Shrooms, Coffee, and Christianity: Why the Gospel Isn’t a Matter of Personal Preference

Programming Note: First – I want to give a big thanks to my dad for writing last week’s post and helping my vacation be more restful. He is a great man, and I hope you enjoyed his writing. Second – because next week is Holy Week, there won’t be a post on Tuesday. Instead, I will post on Good Friday and Easter.

Psilocybin, also known as magic mushrooms or shrooms, is a recreational, hallucination-inducing drug. A good friend of mine (Henry) has a good friend (Jim), who takes shrooms and swears it is the greatest experience of his life.

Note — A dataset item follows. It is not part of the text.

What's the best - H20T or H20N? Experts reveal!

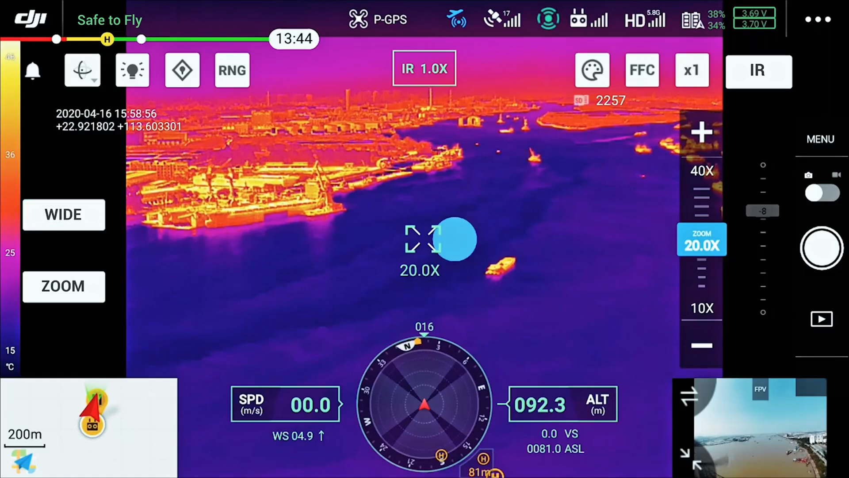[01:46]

Henry, a strong Christian, has been evangelizing to Jim and has declined offers to takes shrooms. Jim recently said this to Henry:

“How arrogant is it of you that you are asking me to explore Christianity and your faith, but you aren’t willing to take shrooms and explore what is the greatest thing I have experienced?”

Even though I think Henry is justified in his actions, it’s a fascinating question and challenge that Henry shouldn’t brush aside. Let’s explore.

Have you ever heard someone say, “I’m not a religious person?” This statement is made the same way I tell people I’m not a coffee person. Some people give me a weird look or tell me I’m crazy for not drinking coffee, but most people don’t think twice about it because it’s a matter of personal preference.  Even if someone loves coffee, they can’t argue if I simply don’t like it. The same can be said for shrooms – they cause an experience, and some people may love that experience, but some may not.

But can we say the same for Christianity and the Gospel? Unfortunately, our culture thinks so.

The culture views the Gospel and Christianity as an experience that may not be for some people, but this is erroneous. The Gospel is not a matter of personal preference or an experience. Rather, the Gospel is the truth that Jesus rose from the dead, and that in doing so, proved He is the Son of God and King of the world. If true, this Gospel is a fact that remains true even if I prefer it isn’t true.

The Gospel does, however, have implications that can be compared to personal preference and experience. In the thesis of his letter to the Romans, Paul says that the Gospel is the power of God for salvation to all who believe – it seems crazy that anybody’s personal preference would reject this. The Gospel also implies that we are all sinful people who need fundamental transformation and who need to submit to God – it’s easy to see why our personal preference rejects this.

This is a glimpse of why someone’s preference might reject the Gospel (or rather the implications of the Gospel), but this is different than rejecting shrooms or coffee. The implications of the Gospel are rooted in the truth of the Gospel, the truth that because of Easter, Jesus is King.